Stress and the Months of Darkness

I don’t know where to begin, as it’s been…too long. So, like any good writer, I’ll start in the middle. I’ve been struggling to put words to paper (screen) for over two months, because I’ve been unwilling to let go of the altruistic, but ultimately fake ideal that this blog isn’t for me or about me, and since I had nothing really uplifting to say, I said nothing. And it’s in that quiet, tension-filled djinn I’ve languished the past couple months. So, I’m sorry reader, this blog is not about you, but I sincerely hope you enjoy the ride. Otherwise, please feel free to stop reading here. Don’t worry, my feelings won’t be hurt in the least.

So I’m not sure why it always goes downhill
Why broken cisterns never could stay filled
I’ve spent ten years singing gravity away
But the water keeps on falling from the sky.
“The Cure for Pain” — Jon Foreman

Ten years and seven months ago, the sky fell, and my family crumbled beneath its weight. That was the day my parents told us kids my dad had decided to move out. And within ten months of starting dating, Amy and I will also be married, and I will be again putting myself (willingly, this time) in the position where someone as close as can be to me has the chance to reduce me to, well, absolute rubble. As you can imagine, it’s not something I endeavor without a Mt. Everest amount of forethought.

Am I really afraid of getting divorced? No. I just understand that marriage is more than love, more than a promise. We fall in and out of love weekly, it seems. We break promises nearly daily. Marriage is neither of these things; we’re entering into an Old-Testament magnitude covenant. And I’m confident we’re both committed to that. But as a child of divorce, I’ve seen “the perfect family” crumble before my eyes once already.

Now that you’re depressed, let’s talk about the whirlwind of a sub-six-month engagement. It’s been an absolute blur. I’m more grateful day by day for who my future wife is. Why? Simply put: she makes the inevitably overwhelming more than bearable. But, in step with shedding self-deception, it’s still overwhelming this planning a wedding ourselves. Mind you, we have some amazing help, but I feel the stress of what we’re trying to do.

Speaking of weddings, I can safely say that after this Fall, I do not want to hear the word through the end of the year. That’s what happens when you decide to get married independently of both your parents getting remarried. Insert your own four-letter word here. That, in and of itself, is it’s own kind of weighty reconciliation. I suppose I’m telling you this to say that I don’t know to make heads or tails of much at this particular moment.

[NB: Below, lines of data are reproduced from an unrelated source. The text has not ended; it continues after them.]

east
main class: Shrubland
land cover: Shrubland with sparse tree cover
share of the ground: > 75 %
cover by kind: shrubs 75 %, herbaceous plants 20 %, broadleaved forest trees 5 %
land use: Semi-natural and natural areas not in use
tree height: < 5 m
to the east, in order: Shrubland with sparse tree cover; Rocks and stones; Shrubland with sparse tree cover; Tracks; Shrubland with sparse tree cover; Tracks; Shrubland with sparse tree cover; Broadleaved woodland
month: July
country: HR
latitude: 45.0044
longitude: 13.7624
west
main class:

That doesn’t begin to summarize the past couple months, but frankly I’m done talking about the past for now. Today, I feel heavy. That’s a blatant understatement. I feel like a lead balloon filled with molasses, cooled to perfect zero. It seems like life’s cares and worries from the past couple months, specifically, but maybe the past ten-plus years, have all of a sudden caught up with me and I find they are like the oak tree out in front of my brother’s new house: massive, deep, sprawling, an unending network of little oak trees, together adding up to a network multiples greater than the branches and trunk above ground; immovable. And it is that feeling that brings me here.

I’m sure you know plenty of the feeling of heaviness. It’s something we all deal with on a daily basis. It’s not new to anyone, but for some reason this particular heaviness is just an exemplary kind of massive. But that’s what happens when you drop your head like a football running back and just charge life for months on end. You don’t have time to shed the tacklers of stress and burden; you just pile on life as it comes and decide you’ll deal with it all later. Well, today is later. Can you relate?

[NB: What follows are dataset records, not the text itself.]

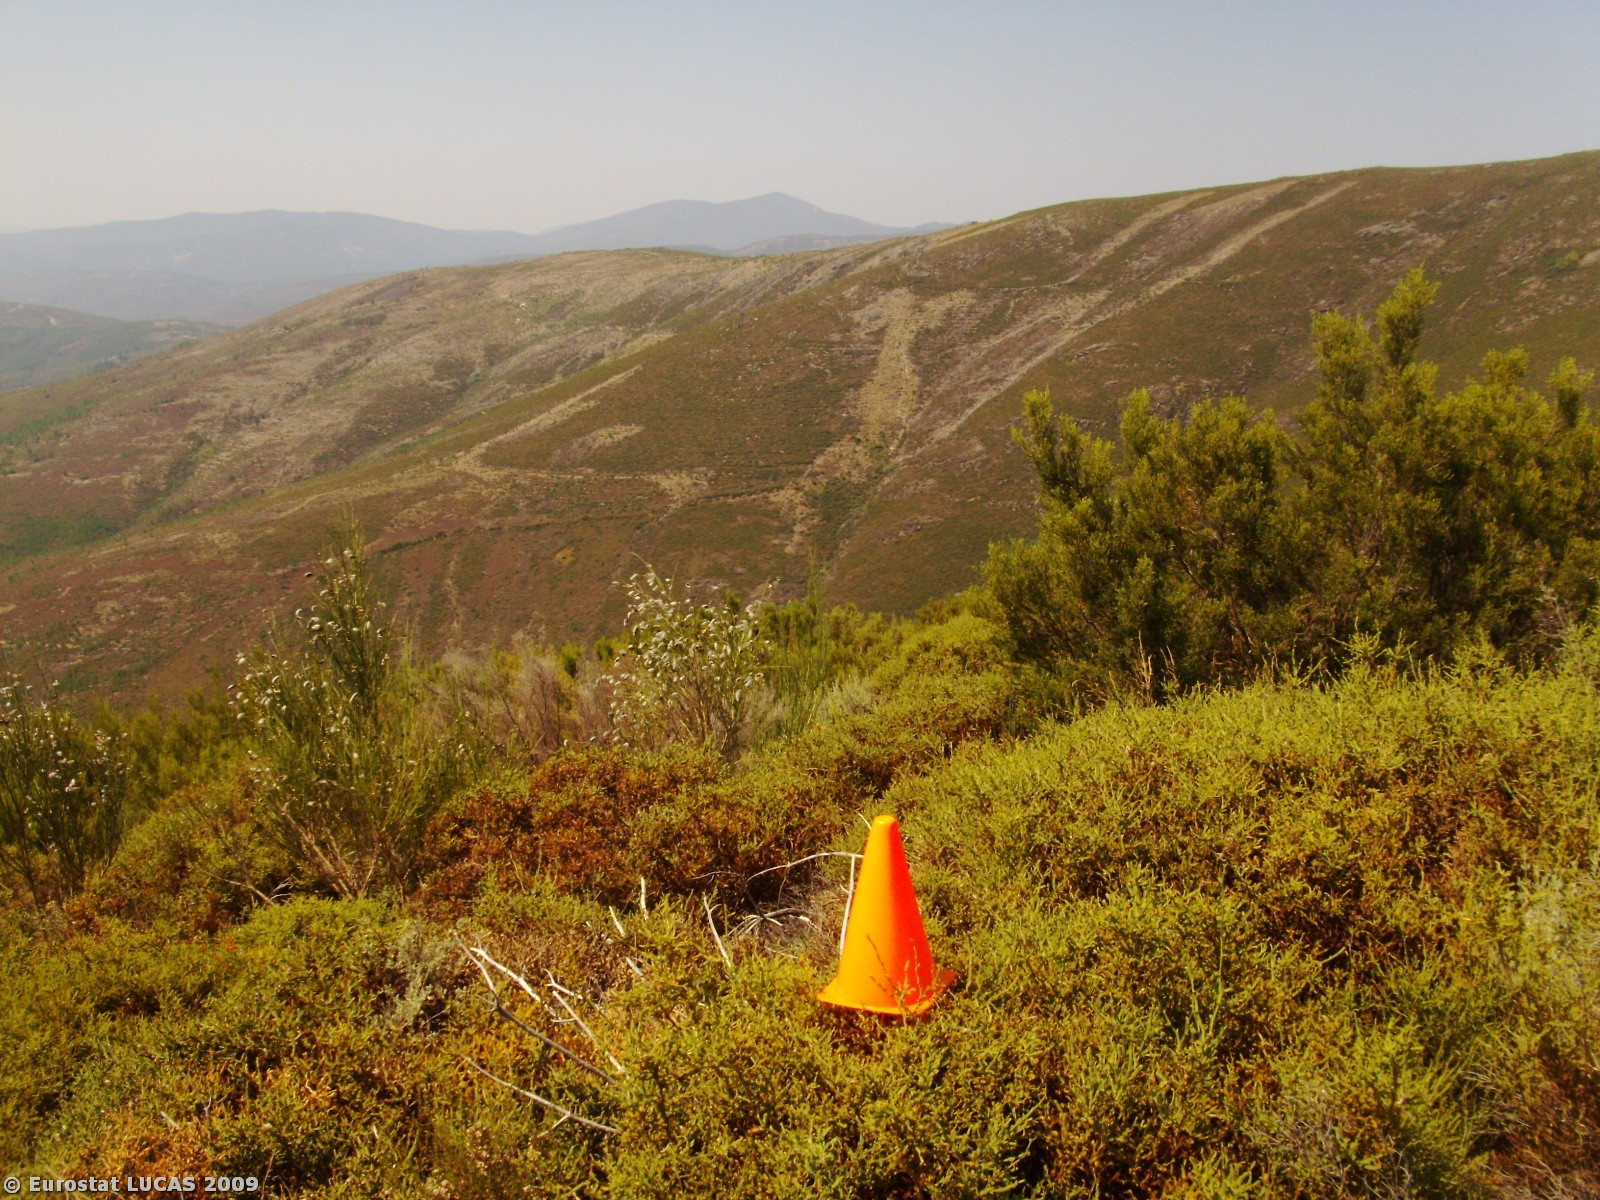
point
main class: Shrubland
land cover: Shrubland without tree cover
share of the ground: > 75 %
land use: Forestry
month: August
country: PT
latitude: 40.2607
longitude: -7.6418

The allure of “powering through” is that you don’t have to deal with the stress or the pain, but that’s also the lie. Of course you deal with life, you can’t help but to take it all in day after day. Each day, you’ll suffer anew until you try and dig out yourself. Thankfully, it hasn’t been that long in my case, but it’s still quite daunting. How long’s it been for you? Forebodingly, the first part of digging out is reconciling with the stress, strain, the bitter pain. And that’s where I find myself today, ever on the brink of tears. But it’ll be a process defined by deserts, tears, solitude, and perseverance. Moreover, it’ll be a pain marred inextricably by an ever-expanding vantage of grace.

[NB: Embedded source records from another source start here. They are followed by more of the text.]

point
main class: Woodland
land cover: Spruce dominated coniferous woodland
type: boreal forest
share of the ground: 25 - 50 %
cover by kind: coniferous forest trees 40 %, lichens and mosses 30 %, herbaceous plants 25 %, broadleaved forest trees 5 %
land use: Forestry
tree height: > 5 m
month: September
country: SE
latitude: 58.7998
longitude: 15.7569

What I continue to forget is that pushing through really only happens when we are willing to be brave and face the desperate dark unknown of within. True strength is forged of breaking down the false buttresses of falsehood and using that kindle a community full solitaries. Huh? I mean that to be able to contribute to the world around us, for me to give to my future wife, it’s imperative to conduct some honest and earnest housekeeping of the temple within. So, what’s stopping you, friend?